Other physical properties, such as liquid density and vapor density, can be used as potential correlating parameters as well. The best least-squares fit for the data shown in Figure 4 was found by using vapor density, as seen in Figure 5. Using vapor density, in the author’s opinion, made the most sense because it clearly is indicative of operating pressure, but it is also one of the key physical properties in determining the stability calculation itself.

## Mechanical property influences

After establishing that vapor density has the best fit and that it has a significant influence on tray stability, several mechanical features, and their effect, were examined next. The data sets in Appendix A include quite an assortment of tray mechanical design features that may need to be included into the equation shown in Figure 5. The mechanical features that were examined are outlet weir height, percentage of open area, weir loading, hole diameter and tray spacing.

Outlet weir height’s effect on stability was examined first. It appears to be a small (but significant) effect when observing Figure 6, for example, at 165 psia. The outlet weir height effect should have been accounted for already in the Colwell correlation above; see Equation (5). However, in the author’s opinion, some residual weir height influence appears to be present. There was no data set with perfectly identical tray geometries for the wide range of outlet weir heights examined in Appendix A (from 0.0 to 4.0 in.), but Figure 6 shows that the effect is there regardless. The data show a slight reduction in the minimum stability factor at taller outlet weirs. The adjustment was added to the equation shown in Figure 5 and is shown as Equation (6).

ƞ_{min} = [0.5664 + {0.4794 (1 – e ^{0.27615Ln(ρv))}}] • {1.1 – (0.05*How*)} (**6**)

Open area was examined next. The open-area effect in Figure 7 is shown as *fp*, which represents fraction perforation or percent open area divided by 100. It is clear that open area has an effect on minimum tray stability factor. The Appendix A data were grouped into three major open area categories. One can see that lower open areas require higher minimum stability factors and higher open areas reduce the minimum stability factor.

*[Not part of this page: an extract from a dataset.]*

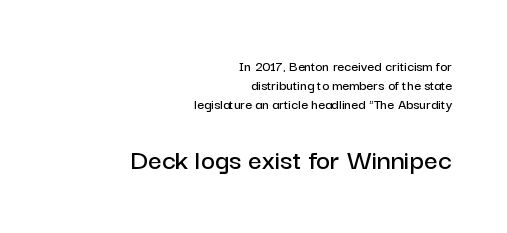
{"serif": "no", "italic": "no", "width": "normal", "stroke_contrast": "low", "x_height": "medium", "monospaced": "no", "underline": "no", "align": "right", "line_spacing": "normal", "line_spacing_ratio": 1.28, "letter_spacing": "normal", "letter_spacing_em": 0.0, "larger_block": "second", "size_ratio": 2.0, "glyph_px": 30}

The adjustment (multiplier) for the open area effect was added to Equation (6) and is expressed as Equation (7).

ƞ_{min} = [0.5664 + {0.4794(1 – e^{(0.27615(Ln(ρv)))})}] • {1.1 – (0.05*How*)} (0.083/*fp*)^{0.33} (**7**)

There also appears to be a small hole diameter effect, as can be seen in Figure 8. This plot was generated at constant open area, weir height and operating pressure. The hole diameter affect appears to be linear and significant. The adjustment (multiplier) needed to capture the hole diameter effect into Equation (7) was added and is now shown as Equation (8). The minimum stability factor equation is now getting quite lengthy.

ƞ_{min} = [0.5664 + {0.4794(1 – e^{0.27615Ln(ρv)})}] • {1.1 – (0.05*How*)} (0.083/*fp*)^{0.33} • [0.858 + 0.142(*D*_{p}/0.5)] (**8**)

Tray spacing was examined next, as seen in Figure 9. The effect appears to be negligible as, theoretically, it should be. Finally, for completeness, weir loading was examined, which should already have been incorporated into the Colwell correlation, as shown in Equation (5). The data appear to have no residual weir-loading effects, as shown in Figure 10, since the data points are too scattered. In the author’s opinion, there is no adjustment needed to Equation (8) with regards to weir loading.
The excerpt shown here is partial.